Yes, the bars were initiated right from the beginning.  However, if he was awarded the RCN Long Service and Good Conduct Medal, the years for which he received that, would not count toward the CD.  Having said that, this is unlikely because with only 25 years of service, he would not have enough total time to qualify for both medals (LS&GC required 18 years and CD requires 12, meaning 30 years total required).

If all he has is a CD and he served 25 years of "undetected crime"  ;D, then he may indeed be eligible for a bar.  It's worth investigating.  I recommend giving DH&R a call at 1-877-741-8332.


----------



## Michael OLeary (15 Jan 2012)

The only long service award that could be earned by a member of the RCN before the institution of the Canadian Forces decoration was the Royal Canadian Navy Long Service and Good Conduct Award (RCNLSGC).* Only sailors and petty officers were eligible. There was no good conduct and long service award for officers because_ "they were expected to act with good conduct at all times." _Eligibility for the RCNLSGC award was instituted in 1925 and it required 15 years service (in context it was identical to the RN LSGC Medal).

Before the adoption of the RCMLSGC Medal, sailors and petty officers were technically eligible to receive the Permanent Forces of the Empire Beyond the Seas Long Service Medal.
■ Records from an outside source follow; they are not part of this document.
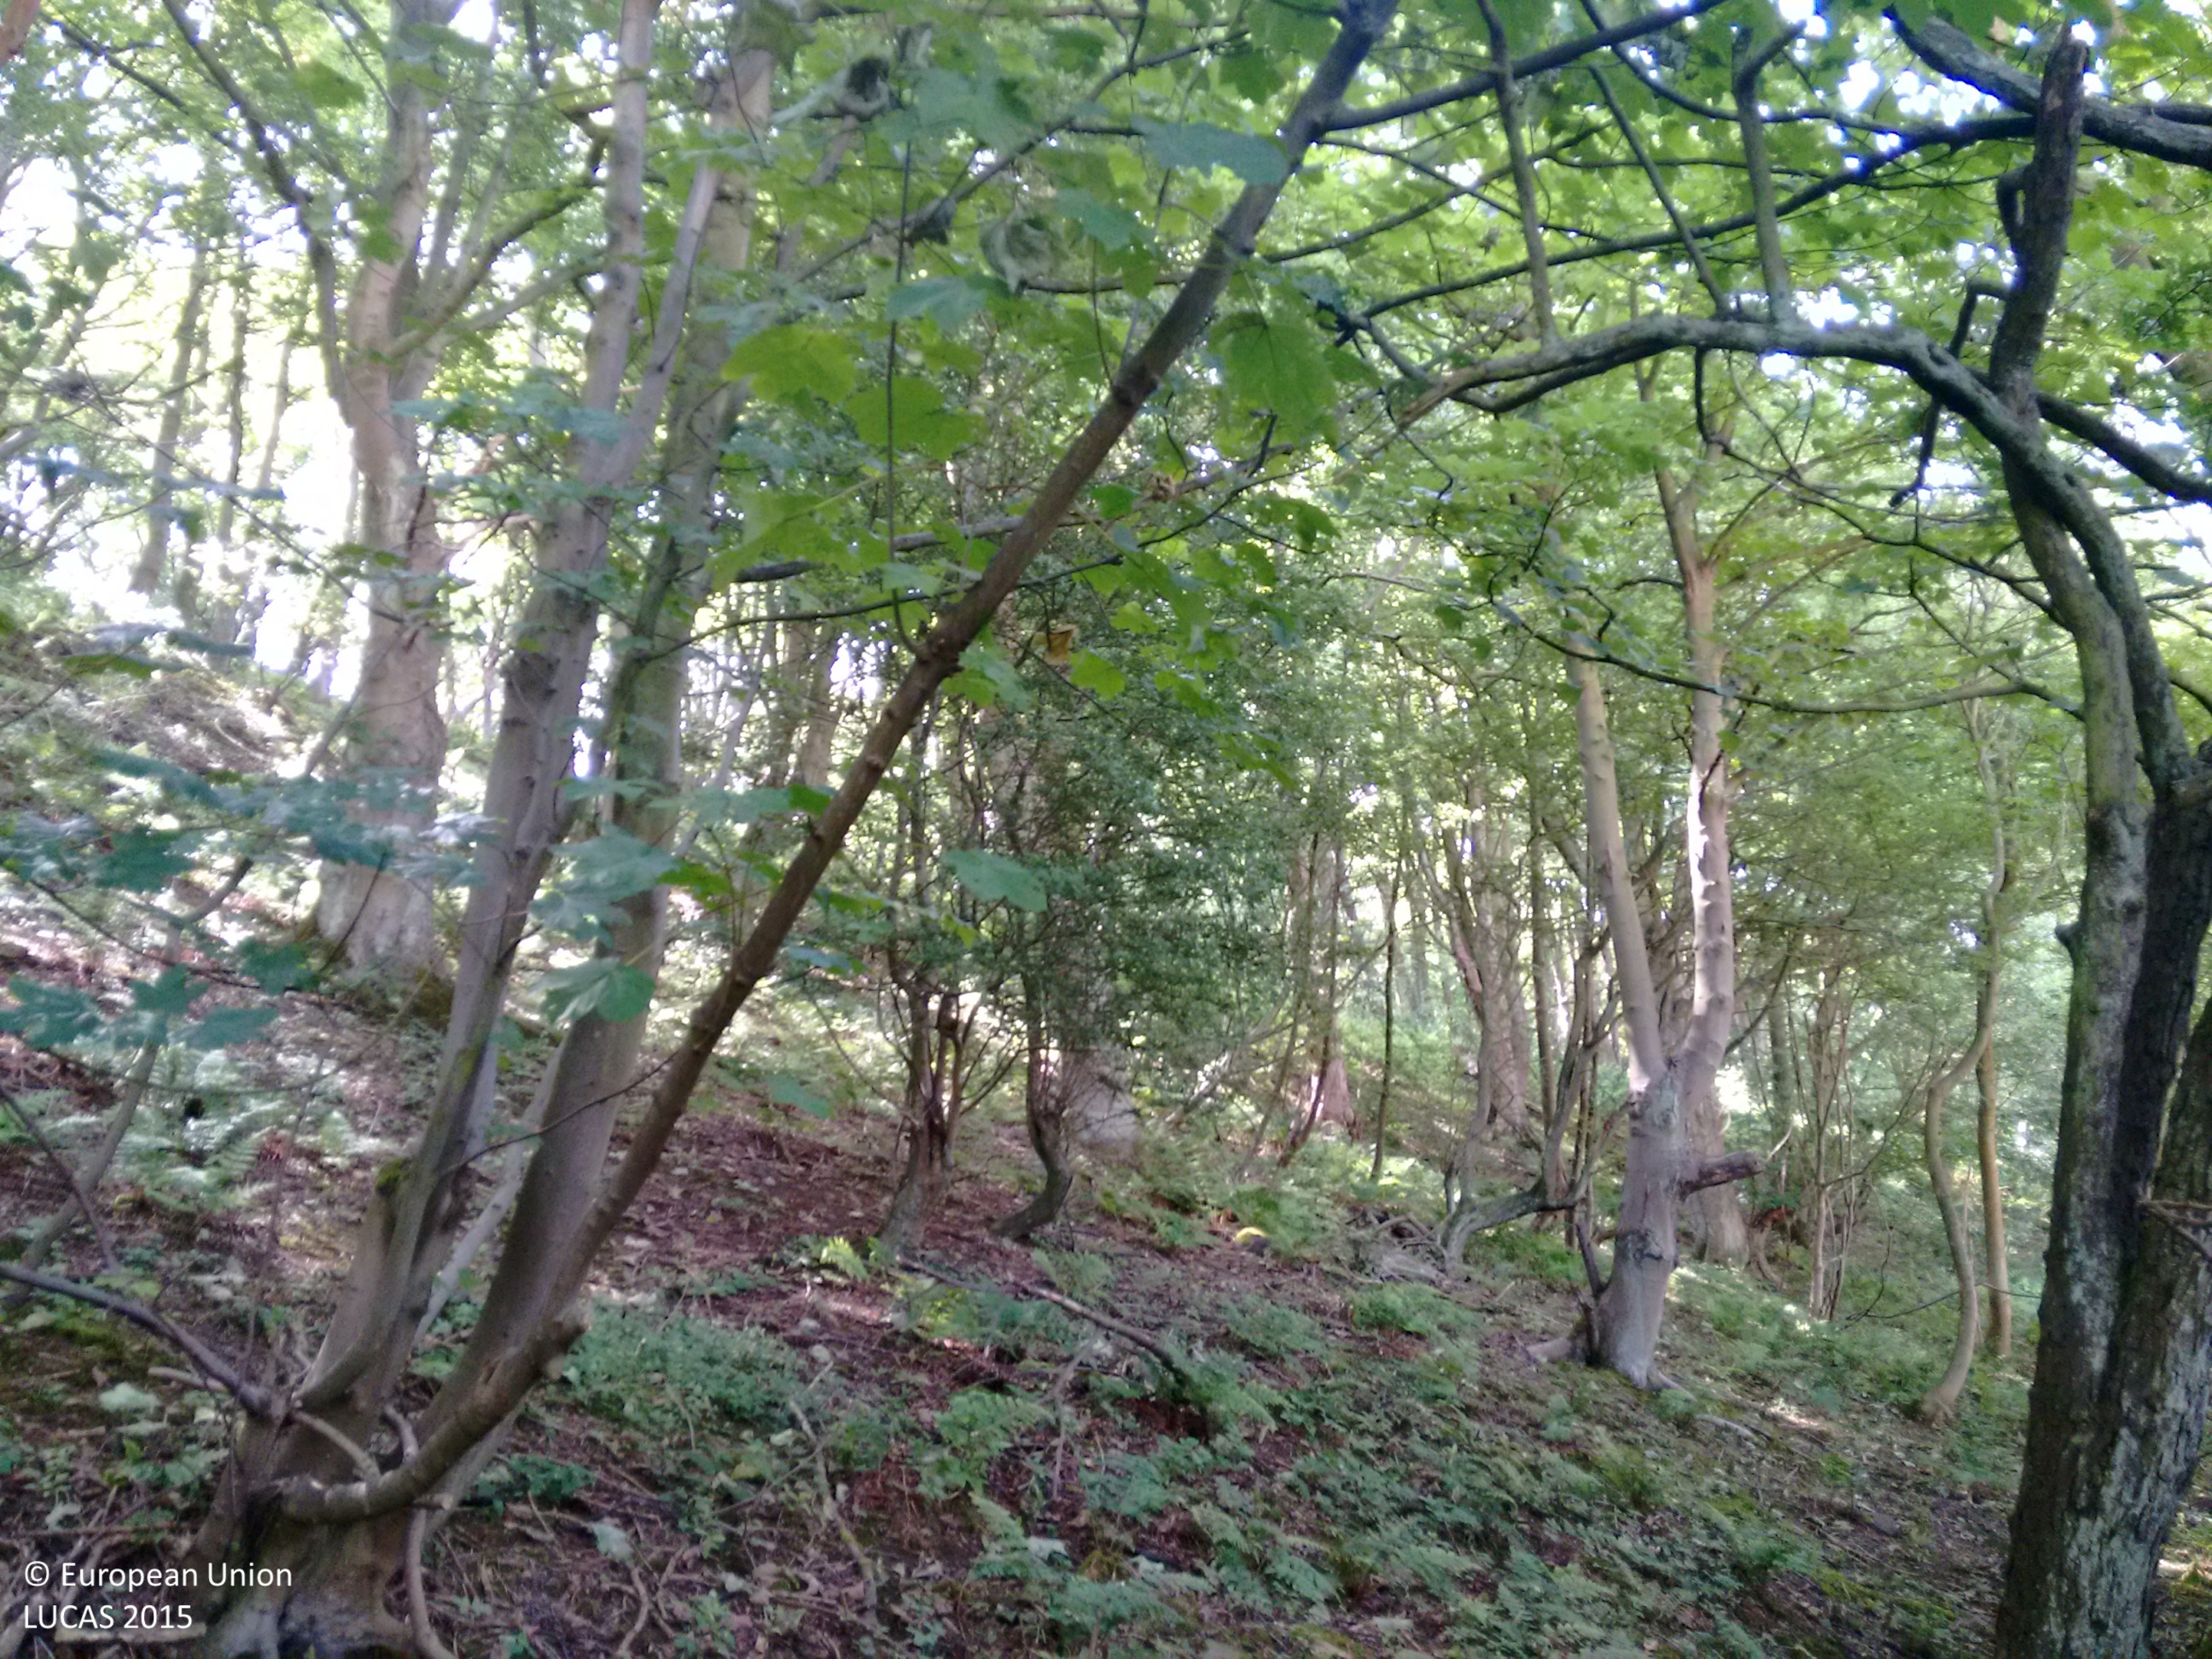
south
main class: Woodland
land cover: Broadleaved woodland
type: mesophytic deciduous forest
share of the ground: > 75 %
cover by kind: broadleaved forest trees 100 %
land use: Amenities, museums, leisure
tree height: > 5 m
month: July
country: GB
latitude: 56.0307
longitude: -3.3780

This medal was awarded to non-commissioned members and there is no record of it being awarded to any member of RCN.

Based on the above, I suspect the following may be the case:

Since officers of the RCN did not qualify for any Long Service medal before the institution of the Canadian Forces Decoration, it is possible that prior service could not be carried forward to the CD. The terms of reference for the CD state that eligibility starts with service on or after 1 Oct 1946. With a 1 Oct 1946 start date for eligible service, for those recipients whose earlier service did not qualify towards a long service award, the earliest award of the CD would be 1 Oct 1958, and the earliest possible bar earned on 1 Oct 1970.
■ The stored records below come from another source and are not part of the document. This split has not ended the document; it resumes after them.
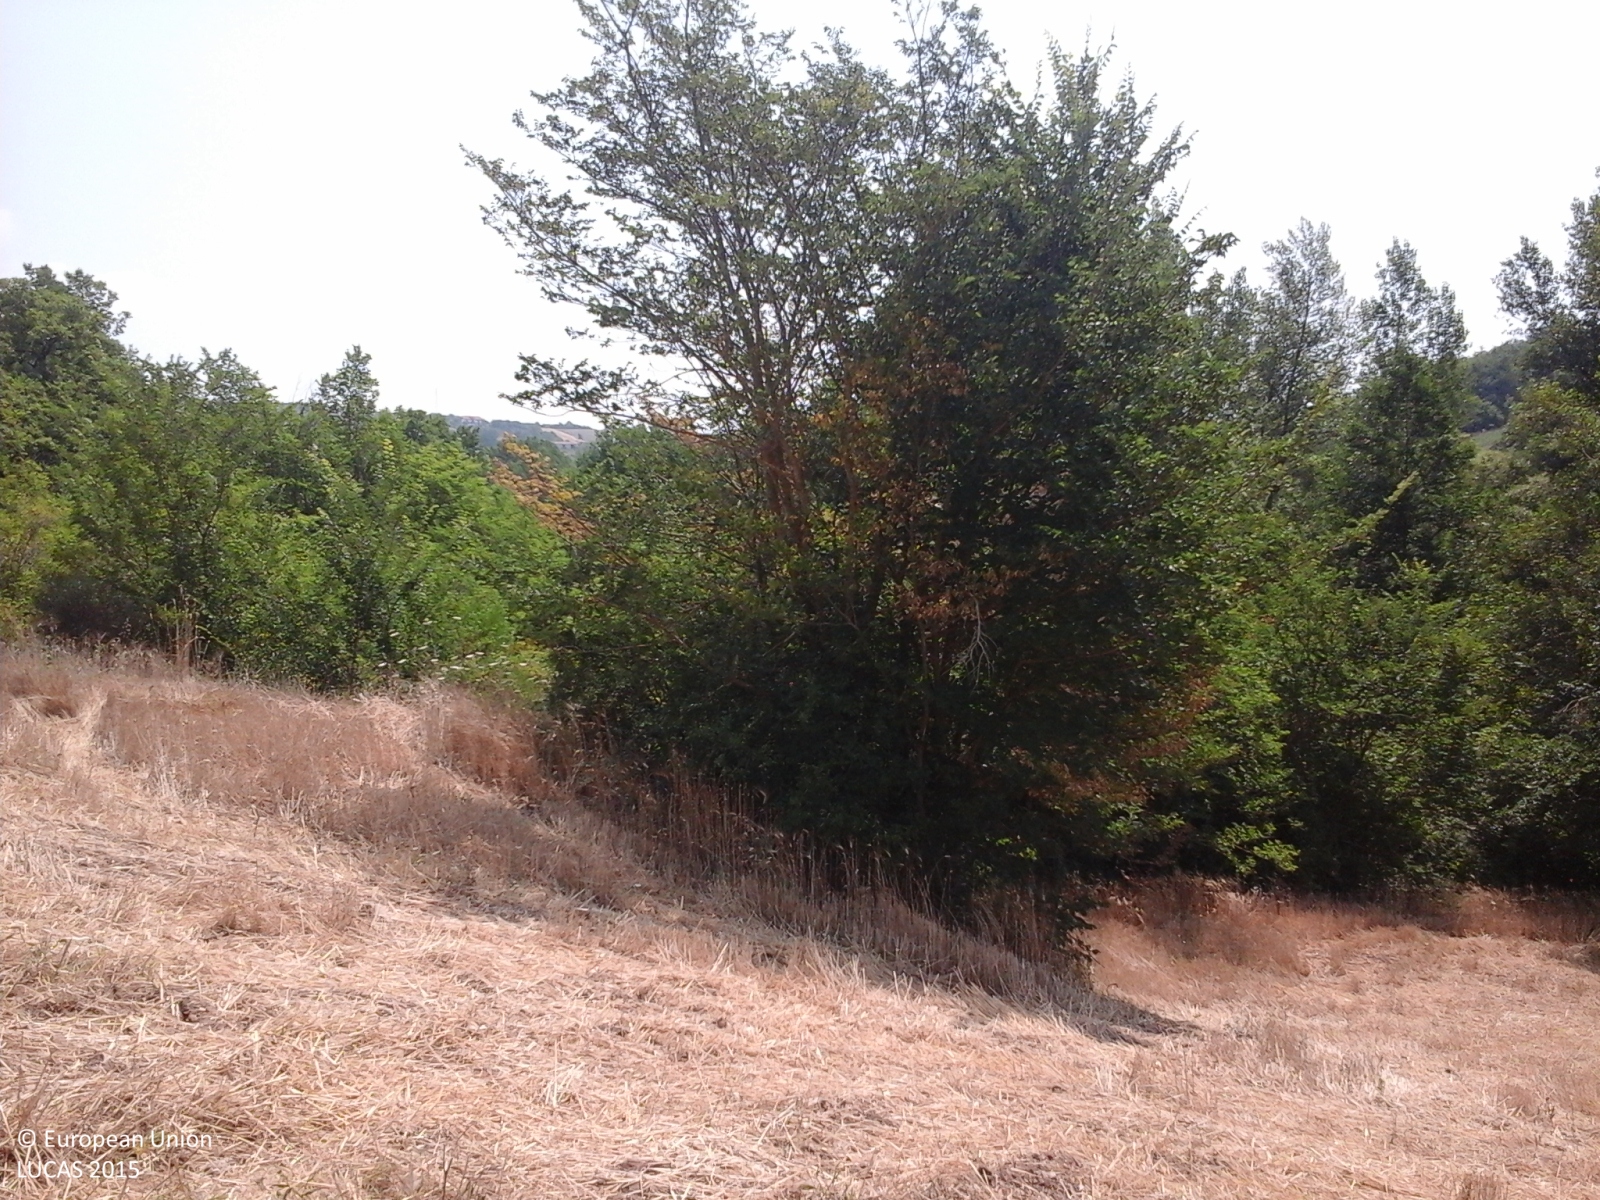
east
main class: Cropland
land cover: Common wheat
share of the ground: > 75 %
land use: Agriculture (excluding fallow land and kitchen gardens)
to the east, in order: Common wheat; Broadleaved woodland; Shrubland without tree cover; Shrubland with sparse tree cover
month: July
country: IT
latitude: 40.9491
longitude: 15.1241

_(As noted DH&R will be able to confirm eligibility one way or the other.)_


Sources:
a.  McCreery, The Canadian Honours System
b.  Medal Year Book 2011
c.  McCReery, The Canadian Forces Decoration


* Note that officers, petty officers and sailors of the RCNR and RCNVR (later the RCN(R)) were eligible for the RCNR/RCNVR Officers Decoration and the RCNR/RCNVR LSGCM from 1937 and 1938 respectively. After 1946 members of these organizations were all eligible for the RCNVR Officers Decoration and the RCNVR LSGCM.


----------



## Michael OLeary (15 Jan 2012)

Cdr Hunter's obituary


Hunter, do you have a photo of your grandfather's medals or ribbons? That will at least settle the question of possible second long service awards.


----------



## Pusser (15 Jan 2012)

Michael O'Leary said:
			
		

> The only long service award that could be earned by a member of the RCN before the institution of the Canadian Forces decoration was the Royal Canadian Navy Long Service and Good Conduct Award (RCNLSGC).* Only sailors and petty officers were eligible. There was no good conduct and long service award for officers because_ "they were expected to act with good conduct at all times." _Eligibility for the RCNLSGC award was instituted in 1925 and it required 15 years service (in context it was identical to the RN LSGC Medal).
> 
> Before the adoption of the RCMLSGC Medal, sailors and petty officers were technically eligible to receive the Permanent Forces of the Empire Beyond the Seas Long Service Medal. This medal was awarded to non-commissioned members and there is no record of it being awarded to any member of RCN.
> 
> ...



This last part is not correct.  Qualifying service for the CD did not start on 1 Oct 1946.  The member simply had to be serving on 1 Oct 1946 (i.e. a guy with at least 12 years of service who retired on 30 Sep 46 was not eligible, but if he stuck around until the next day, he would be eligible).  The service of regular force officers prior to 1 Oct 1946 was not excluded from the CD, even though it had not been eligible for any other LS&GC.  Case in point:  VAdm Rollo Mainguy, OBE, *CD* retired in 1956, only ten years after the institution of the CD.  If his prior service had not counted, then he would not have been eligible.  In fact, if you go to the main lobby of the HQ building in Halifax, (D201 - the Mainguy Building) his medals and decorations are on display and his CD is the George VI version, meaning it had to have been awarded prior to 1952 (or thereabouts - the change to the Elizabeth II version was not instantaneous).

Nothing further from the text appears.